This month, Facebook started warning users who interact with what it deems to be coronavirus “misinformation” and sending them articles from its preferred source of truth – the World Health Organization (WHO).
As with any program that attempts to prescribe the truth, the problems quickly became apparent.
First, the WHO has been embroiled in controversy for spreading China’s propaganda about the coronavirus and this has made many Facebook users skeptical of its ability to act as an effective arbiter of truth.
Second, the Facebook fact-checkers who decide when a piece of content is coronavirus misinformation were recently discredited and accused of bias.
But despite these glaring issues, House Intelligence Chair Adam Schiff is now asking the CEOs of Google, YouTube, and Twitter to implement similar measures.

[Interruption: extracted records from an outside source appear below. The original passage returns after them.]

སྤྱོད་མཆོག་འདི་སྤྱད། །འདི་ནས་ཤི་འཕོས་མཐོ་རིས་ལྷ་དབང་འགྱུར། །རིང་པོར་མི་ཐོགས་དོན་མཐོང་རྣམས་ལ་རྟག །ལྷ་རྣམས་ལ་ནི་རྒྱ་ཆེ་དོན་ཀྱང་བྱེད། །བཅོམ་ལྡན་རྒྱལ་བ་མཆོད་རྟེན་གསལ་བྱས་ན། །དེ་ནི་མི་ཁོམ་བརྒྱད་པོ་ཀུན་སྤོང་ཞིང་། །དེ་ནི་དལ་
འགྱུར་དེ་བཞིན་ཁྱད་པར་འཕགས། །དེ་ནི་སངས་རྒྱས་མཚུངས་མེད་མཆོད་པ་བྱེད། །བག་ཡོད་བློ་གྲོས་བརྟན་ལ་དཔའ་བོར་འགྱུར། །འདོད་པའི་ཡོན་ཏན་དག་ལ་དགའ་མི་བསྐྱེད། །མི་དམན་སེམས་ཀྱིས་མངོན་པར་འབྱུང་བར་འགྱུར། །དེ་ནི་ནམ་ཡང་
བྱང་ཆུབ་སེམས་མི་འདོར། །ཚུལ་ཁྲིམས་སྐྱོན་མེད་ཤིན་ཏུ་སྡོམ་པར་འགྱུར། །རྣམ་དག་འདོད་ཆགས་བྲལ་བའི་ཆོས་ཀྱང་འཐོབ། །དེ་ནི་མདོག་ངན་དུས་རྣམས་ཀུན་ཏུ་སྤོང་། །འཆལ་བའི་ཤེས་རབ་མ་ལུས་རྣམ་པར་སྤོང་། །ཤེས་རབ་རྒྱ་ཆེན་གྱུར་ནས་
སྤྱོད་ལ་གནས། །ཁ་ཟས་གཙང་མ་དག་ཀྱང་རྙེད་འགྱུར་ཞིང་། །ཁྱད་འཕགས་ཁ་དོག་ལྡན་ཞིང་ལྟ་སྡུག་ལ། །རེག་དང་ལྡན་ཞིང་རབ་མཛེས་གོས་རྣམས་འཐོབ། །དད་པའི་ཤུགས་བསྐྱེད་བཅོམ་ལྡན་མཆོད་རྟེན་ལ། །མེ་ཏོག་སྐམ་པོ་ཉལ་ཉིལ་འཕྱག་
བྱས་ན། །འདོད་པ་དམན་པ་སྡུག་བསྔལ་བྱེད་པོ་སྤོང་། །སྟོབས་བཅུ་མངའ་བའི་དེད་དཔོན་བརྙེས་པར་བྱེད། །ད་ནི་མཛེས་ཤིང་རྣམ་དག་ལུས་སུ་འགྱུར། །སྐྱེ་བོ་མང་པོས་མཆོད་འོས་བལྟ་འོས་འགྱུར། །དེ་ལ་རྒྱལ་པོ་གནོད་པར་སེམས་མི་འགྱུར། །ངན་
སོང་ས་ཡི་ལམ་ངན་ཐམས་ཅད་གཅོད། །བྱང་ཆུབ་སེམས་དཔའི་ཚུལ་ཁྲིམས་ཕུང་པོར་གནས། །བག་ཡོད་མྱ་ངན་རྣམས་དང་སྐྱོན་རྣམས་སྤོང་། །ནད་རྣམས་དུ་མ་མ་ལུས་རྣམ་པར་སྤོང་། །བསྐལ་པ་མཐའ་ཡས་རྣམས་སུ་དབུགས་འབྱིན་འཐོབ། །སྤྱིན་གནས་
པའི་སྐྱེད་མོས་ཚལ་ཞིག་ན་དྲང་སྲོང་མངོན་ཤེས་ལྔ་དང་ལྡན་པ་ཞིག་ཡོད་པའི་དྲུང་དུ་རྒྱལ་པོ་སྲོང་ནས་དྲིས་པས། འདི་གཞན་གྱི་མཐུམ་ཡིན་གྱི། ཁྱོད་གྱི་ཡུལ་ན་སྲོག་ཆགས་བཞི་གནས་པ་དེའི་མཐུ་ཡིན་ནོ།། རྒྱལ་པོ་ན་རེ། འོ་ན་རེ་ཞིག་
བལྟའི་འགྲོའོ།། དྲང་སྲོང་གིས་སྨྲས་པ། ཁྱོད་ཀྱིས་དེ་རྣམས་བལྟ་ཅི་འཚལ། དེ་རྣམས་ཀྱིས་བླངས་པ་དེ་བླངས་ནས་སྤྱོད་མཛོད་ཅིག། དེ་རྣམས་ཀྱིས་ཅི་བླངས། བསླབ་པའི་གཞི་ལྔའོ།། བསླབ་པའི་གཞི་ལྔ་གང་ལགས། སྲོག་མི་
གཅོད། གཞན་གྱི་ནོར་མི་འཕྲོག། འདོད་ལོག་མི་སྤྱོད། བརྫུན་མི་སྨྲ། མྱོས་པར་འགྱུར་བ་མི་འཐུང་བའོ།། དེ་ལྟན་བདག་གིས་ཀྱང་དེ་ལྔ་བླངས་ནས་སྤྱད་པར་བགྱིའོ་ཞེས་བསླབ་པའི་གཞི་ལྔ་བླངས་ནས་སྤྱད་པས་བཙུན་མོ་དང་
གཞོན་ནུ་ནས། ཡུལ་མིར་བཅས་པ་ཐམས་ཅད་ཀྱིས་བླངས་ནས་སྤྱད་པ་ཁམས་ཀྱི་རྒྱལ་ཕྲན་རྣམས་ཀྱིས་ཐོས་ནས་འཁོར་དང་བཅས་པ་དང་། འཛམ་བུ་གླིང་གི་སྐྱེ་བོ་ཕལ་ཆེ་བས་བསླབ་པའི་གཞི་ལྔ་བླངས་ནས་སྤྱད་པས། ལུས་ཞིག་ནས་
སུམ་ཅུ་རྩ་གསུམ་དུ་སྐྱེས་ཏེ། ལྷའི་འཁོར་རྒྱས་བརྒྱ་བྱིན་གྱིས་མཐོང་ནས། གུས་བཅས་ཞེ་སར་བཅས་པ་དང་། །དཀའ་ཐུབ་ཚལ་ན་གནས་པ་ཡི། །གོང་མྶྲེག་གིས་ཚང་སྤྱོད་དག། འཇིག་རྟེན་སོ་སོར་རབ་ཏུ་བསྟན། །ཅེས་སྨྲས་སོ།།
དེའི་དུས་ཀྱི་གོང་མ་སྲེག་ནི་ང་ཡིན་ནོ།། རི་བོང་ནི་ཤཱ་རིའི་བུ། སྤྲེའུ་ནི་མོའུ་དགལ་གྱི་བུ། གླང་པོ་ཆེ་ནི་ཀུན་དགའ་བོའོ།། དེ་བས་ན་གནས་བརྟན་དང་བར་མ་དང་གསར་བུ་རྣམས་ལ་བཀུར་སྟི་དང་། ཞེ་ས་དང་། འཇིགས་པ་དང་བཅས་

Schiff sent letters to Google CEO Sundar Pichai, YouTube CEO Susan Wojcicki, and Twitter CEO Jack Dorsey this week and urged them to start implementing measures that proactively warn users when they interact with coronavirus misinformation and direct these users to “authoritative, medically accurate resources.”
Schiff’s letters come as social media companies are placing increasingly far-reaching and vague restrictions on what users are allowed to say about the coronavirus.
YouTube recently introduced a complete ban on anything that goes against the WHO.
Meanwhile, Twitter has banned content that “could” lead to social unrest and YouTube has also banned videos that “might” encourage people to ignore stay at home advice.
Additionally, YouTube has expanded the scope of its strict coronavirus rules beyond just video content and is even cracking down on comments that it deems to contain coronavirus misinformation.